Output every entry exactly, without any pictures.
[The input Boundary: Start]
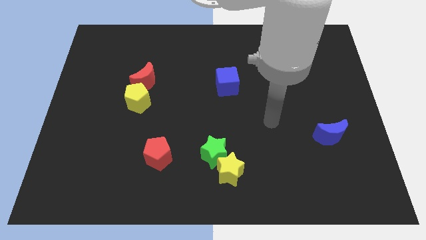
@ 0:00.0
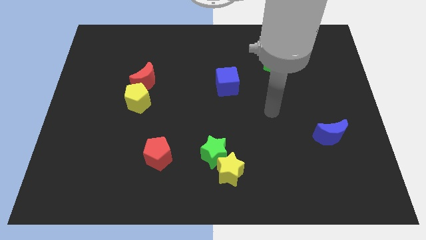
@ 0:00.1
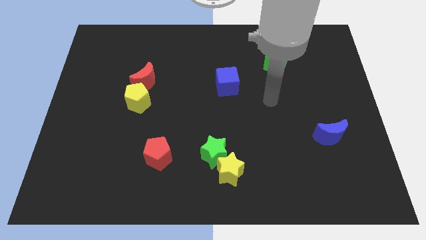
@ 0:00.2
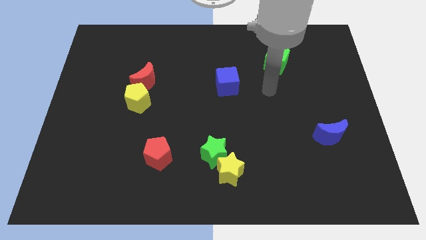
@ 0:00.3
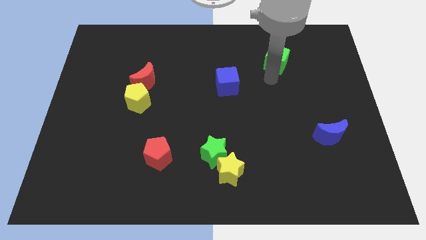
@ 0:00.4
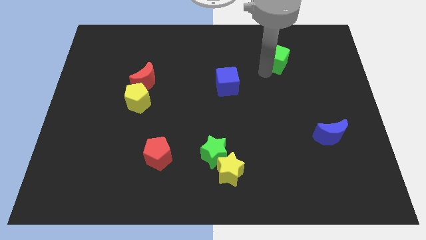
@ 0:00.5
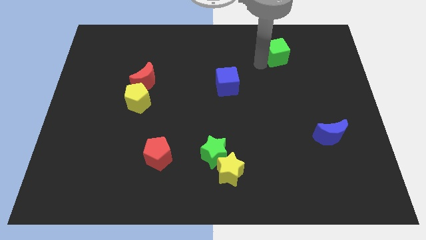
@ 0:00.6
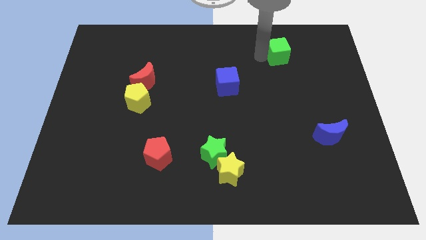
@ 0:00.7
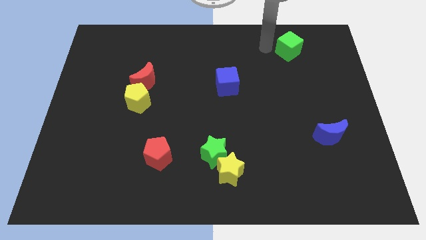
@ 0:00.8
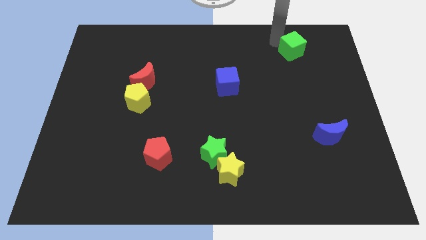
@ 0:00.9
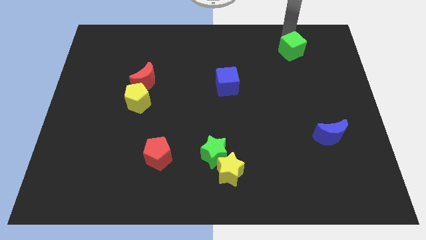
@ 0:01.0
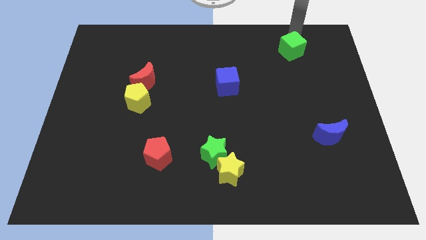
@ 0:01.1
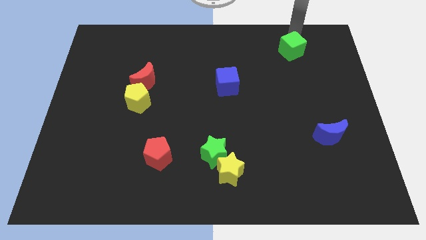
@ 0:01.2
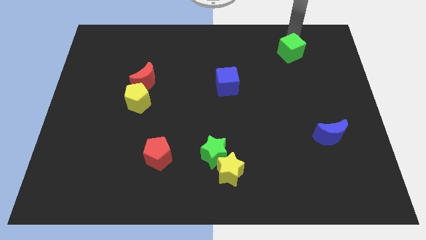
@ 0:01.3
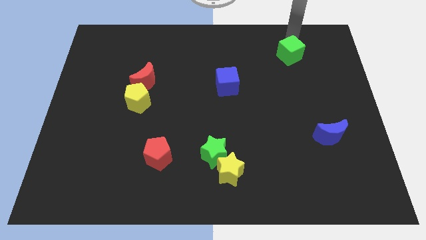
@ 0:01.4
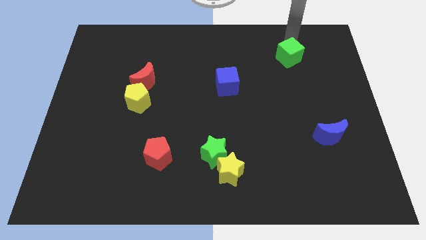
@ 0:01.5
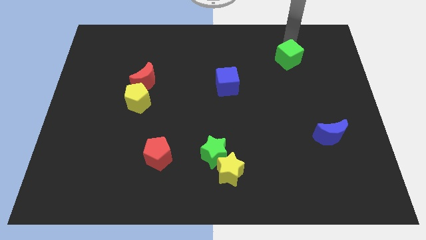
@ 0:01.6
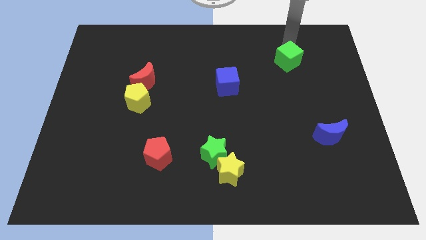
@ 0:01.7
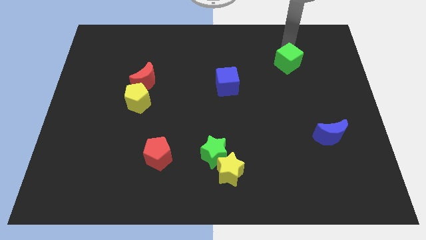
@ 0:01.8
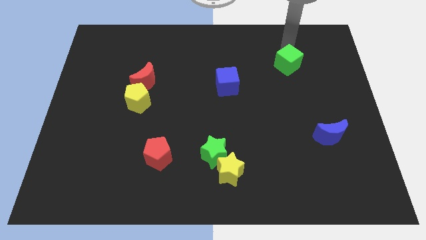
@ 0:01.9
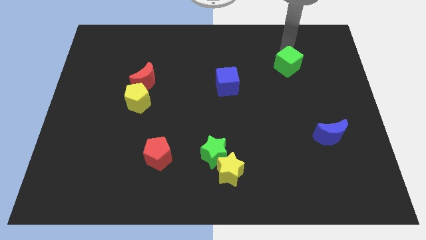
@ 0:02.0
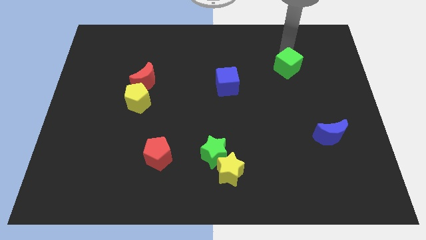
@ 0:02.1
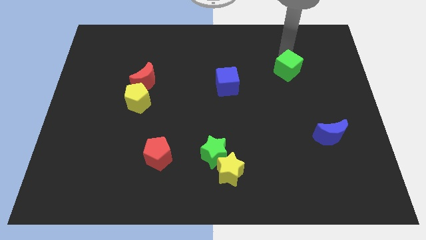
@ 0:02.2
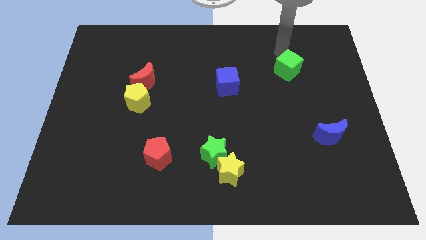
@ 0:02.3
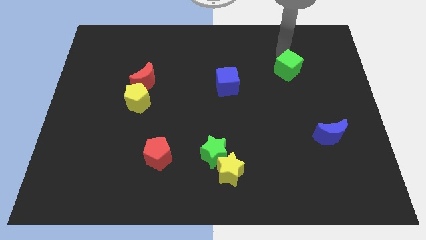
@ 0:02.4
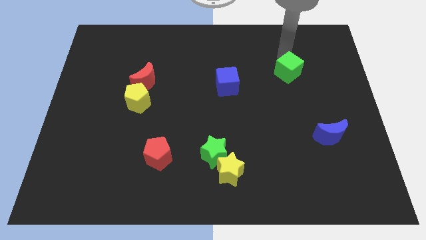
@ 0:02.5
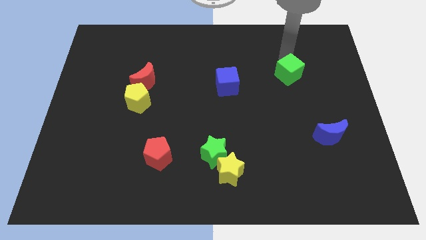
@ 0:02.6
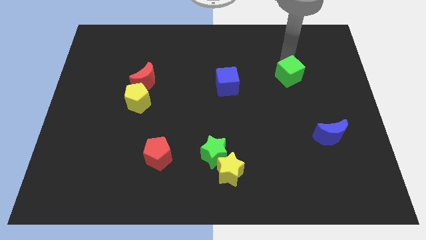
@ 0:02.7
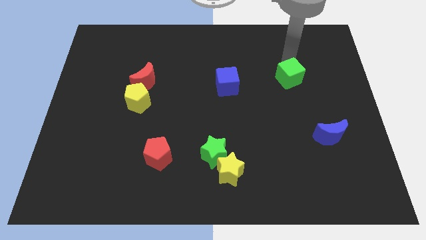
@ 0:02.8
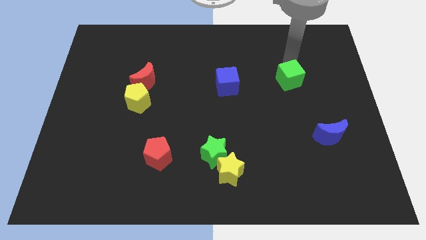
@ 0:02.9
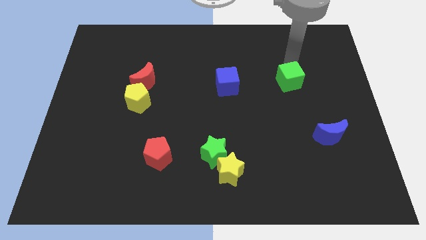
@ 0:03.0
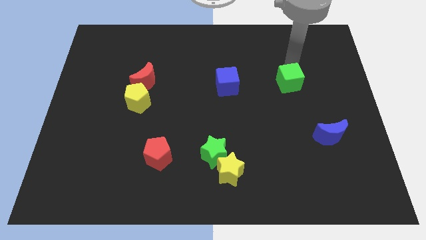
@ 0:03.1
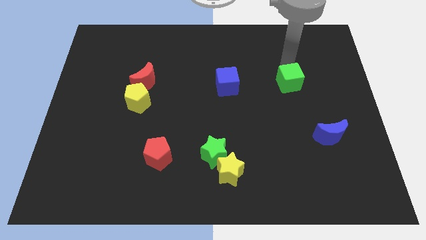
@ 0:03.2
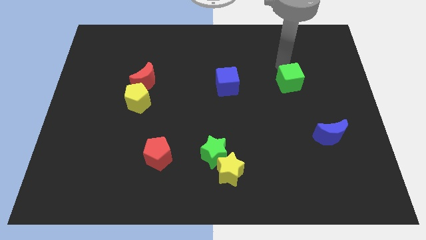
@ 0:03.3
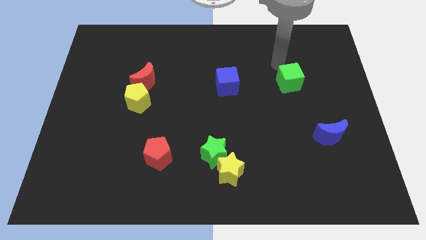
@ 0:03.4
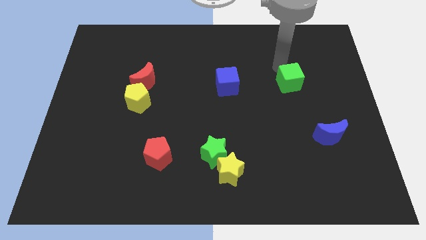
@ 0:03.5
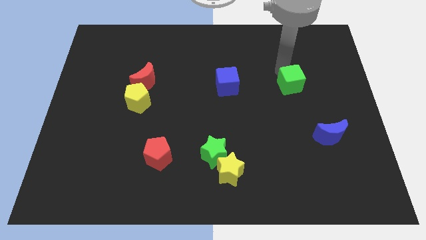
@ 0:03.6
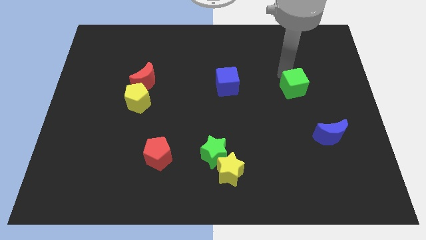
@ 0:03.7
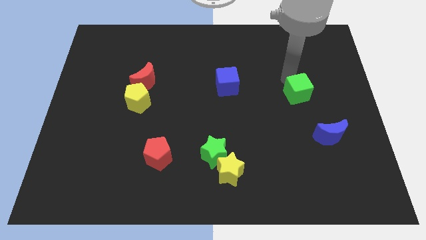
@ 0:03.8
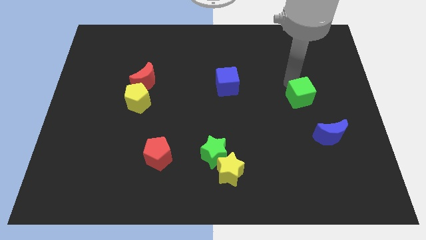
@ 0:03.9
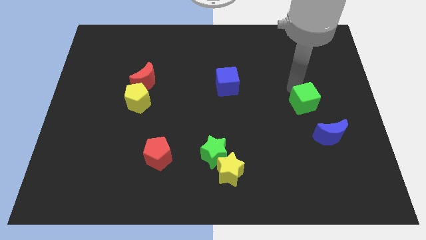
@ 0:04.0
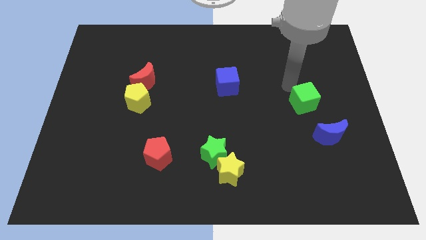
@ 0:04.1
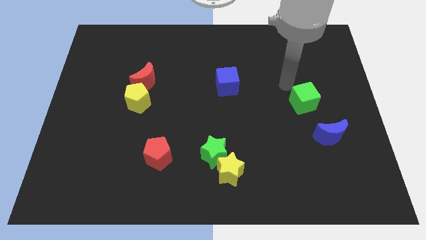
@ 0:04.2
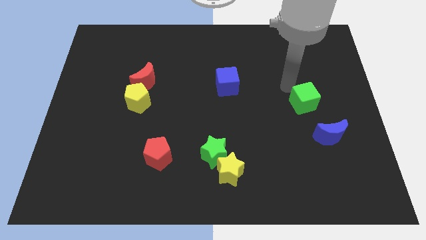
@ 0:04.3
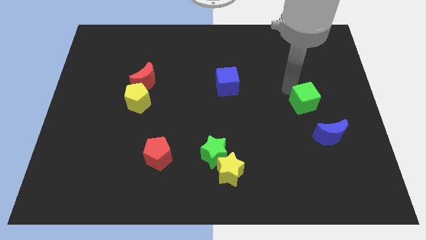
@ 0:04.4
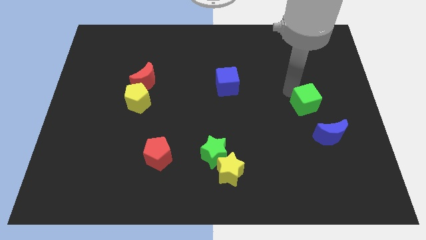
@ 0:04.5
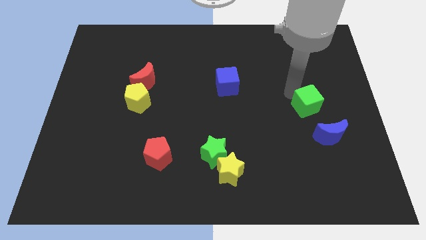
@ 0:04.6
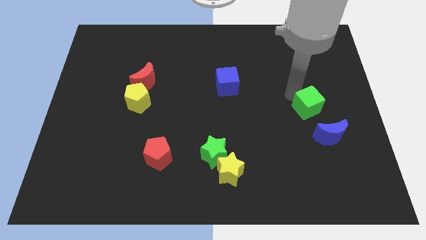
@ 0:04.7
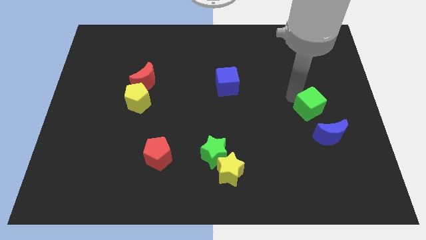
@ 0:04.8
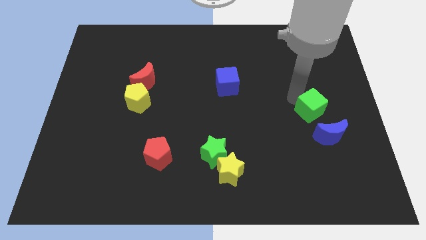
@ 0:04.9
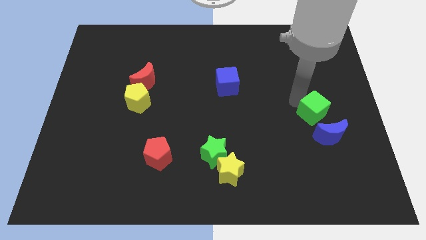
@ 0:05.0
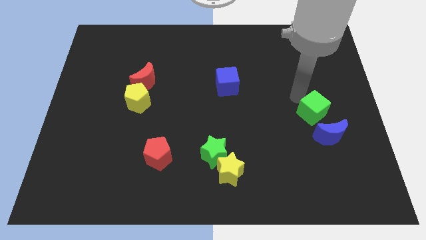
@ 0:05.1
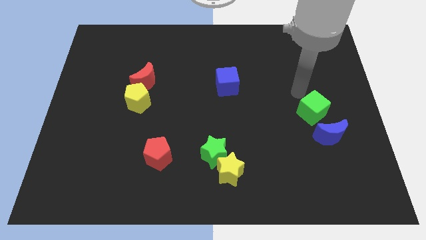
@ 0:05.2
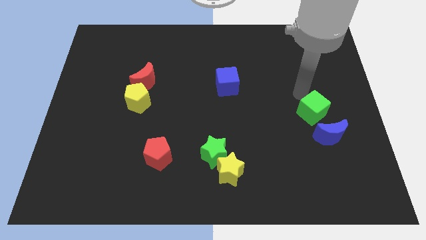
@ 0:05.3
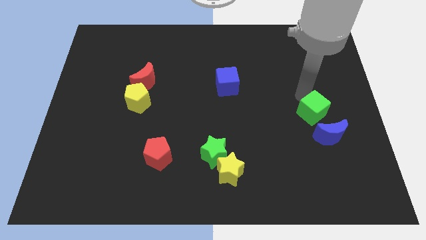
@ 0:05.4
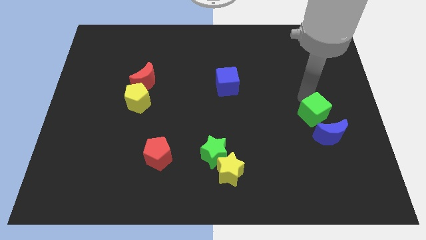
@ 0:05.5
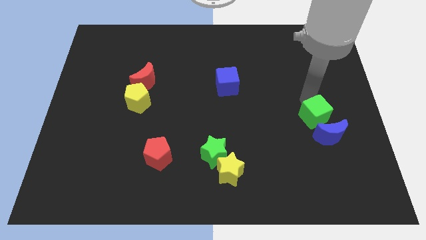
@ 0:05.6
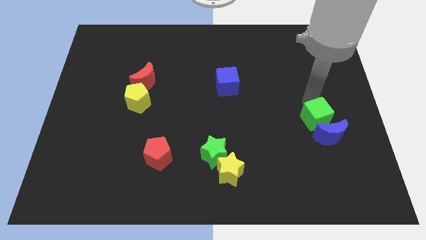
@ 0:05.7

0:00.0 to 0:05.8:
slide the green cube to the blue moon
[The input Boundary: End]
▶ Answer space
@ 0:00.0
@ 0:00.1
@ 0:00.2
@ 0:00.3
@ 0:00.4
@ 0:00.5
@ 0:00.6
@ 0:00.7
@ 0:00.8
@ 0:00.9
@ 0:01.0
@ 0:01.1
@ 0:01.2
@ 0:01.3
@ 0:01.4
@ 0:01.5
@ 0:01.6
@ 0:01.7
@ 0:01.8
@ 0:01.9
@ 0:02.0
@ 0:02.1
@ 0:02.2
@ 0:02.3
@ 0:02.4
@ 0:02.5
@ 0:02.6
@ 0:02.7
@ 0:02.8
@ 0:02.9
@ 0:03.0
@ 0:03.1
@ 0:03.2
@ 0:03.3
@ 0:03.4
@ 0:03.5
@ 0:03.6
@ 0:03.7
@ 0:03.8
@ 0:03.9
@ 0:04.0
@ 0:04.1
@ 0:04.2
@ 0:04.3
@ 0:04.4
@ 0:04.5
@ 0:04.6
@ 0:04.7
@ 0:04.8
@ 0:04.9
@ 0:05.0
@ 0:05.1
@ 0:05.2
@ 0:05.3
@ 0:05.4
@ 0:05.5
@ 0:05.6
@ 0:05.7

0:00.0 to 0:05.8:
slide the green cube to the blue moon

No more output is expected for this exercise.